The significant limitation of an SLDS model is that it does not provide frequent (weekly or monthly) uploads of information that can be used to support the transition of individual students across education systems.

A “frequent upload” system could help educators support students in the moment, with, for example, course changes aligned to students’ pathway interests. There are very promising regular upload models happening in California. For example, Sacramento City Unified School District is working to share such data from its high schools with regional higher education partners to monitor the college application and enrollment processes of its seniors as they approach graduation, so school officials can intervene when necessary to ensure students’ successful transition to college. The California College Guidance Initiative works with 54 school districts in a number of regions across the state to ensure that students’ high school transcripts, along with information about their college and career goals, are submitted electronically to colleges and financial aid providers. Such efforts provide important benefits to postsecondary institutions and students.

However, there are significant concerns when considering such data systems as the model for the initial development of a statewide data system. Frequent upload systems require near constant data submissions by school districts that pose a challenge to their limited resources. Varying data platforms, data structures, and quality control processes pose technical barriers to compiling student records across individual institutions. There are greater data security concerns related to the maintenance, and sharing, of identifying information about students across the many institutions and individuals who would, by design, have access to such a data system. Overcoming the barriers to building out such a system statewide would pose high costs and an extensive timeframe, meaning that comprehensive, statewide, data would not be usable for years.

While continuing to support the development and use of frequent upload data systems, the state should move forward to connect the data systems we already have to create an SLDS, and use it to understand and then effectively improve opportunities and outcomes for all California students.
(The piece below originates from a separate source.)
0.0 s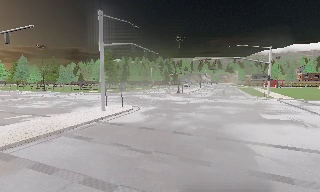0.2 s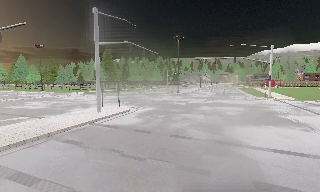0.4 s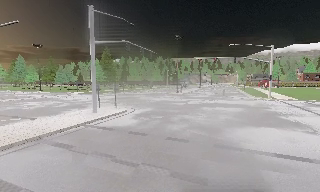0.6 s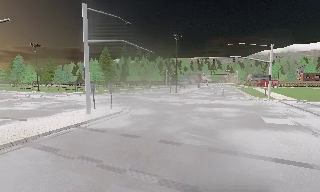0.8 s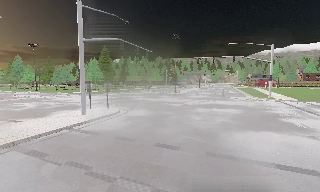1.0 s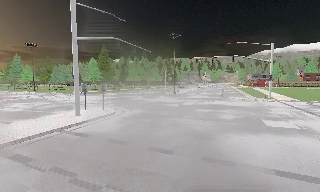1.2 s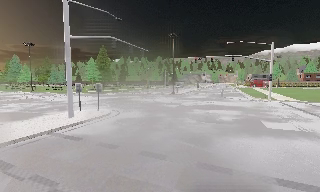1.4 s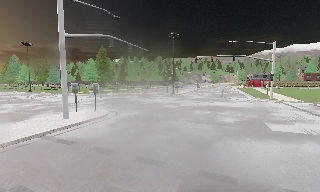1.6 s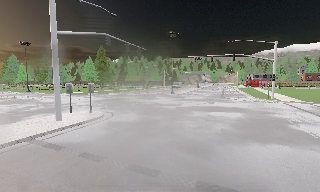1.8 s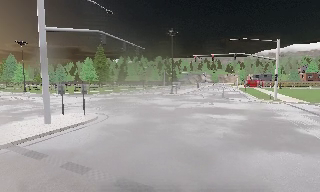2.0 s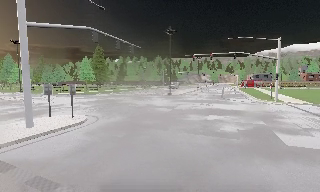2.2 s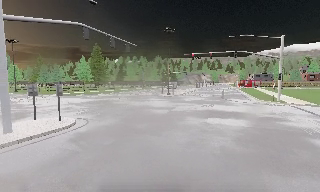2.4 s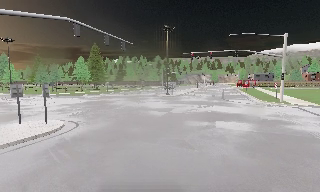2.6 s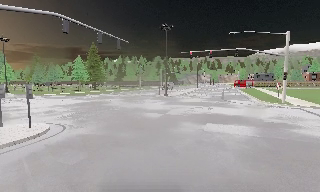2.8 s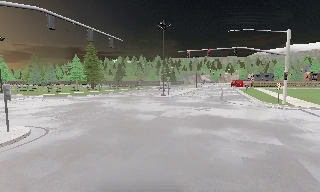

While one criticism of a traditional SLDS is that it would only benefit researchers, the uses of such systems in other states demonstrate their potential value for students and their families, for educators, and for the policymakers tasked with ensuring that the state’s investments are used most effectively to support all students:

For decades, California has been sitting on education data with no publicly available information on equitable opportunities and outcomes related to its investments in public education. The state is now well-positioned to join many other states in using existing student information to create an SLDS that can inform student decision-making, support schools and colleges in their efforts to improve student progress and outcomes, and meet the Governor’s vision of using data to improve and align state education and workforce policies to better achieve the educational goals of the state and its students. It’s time to seize that opportunity.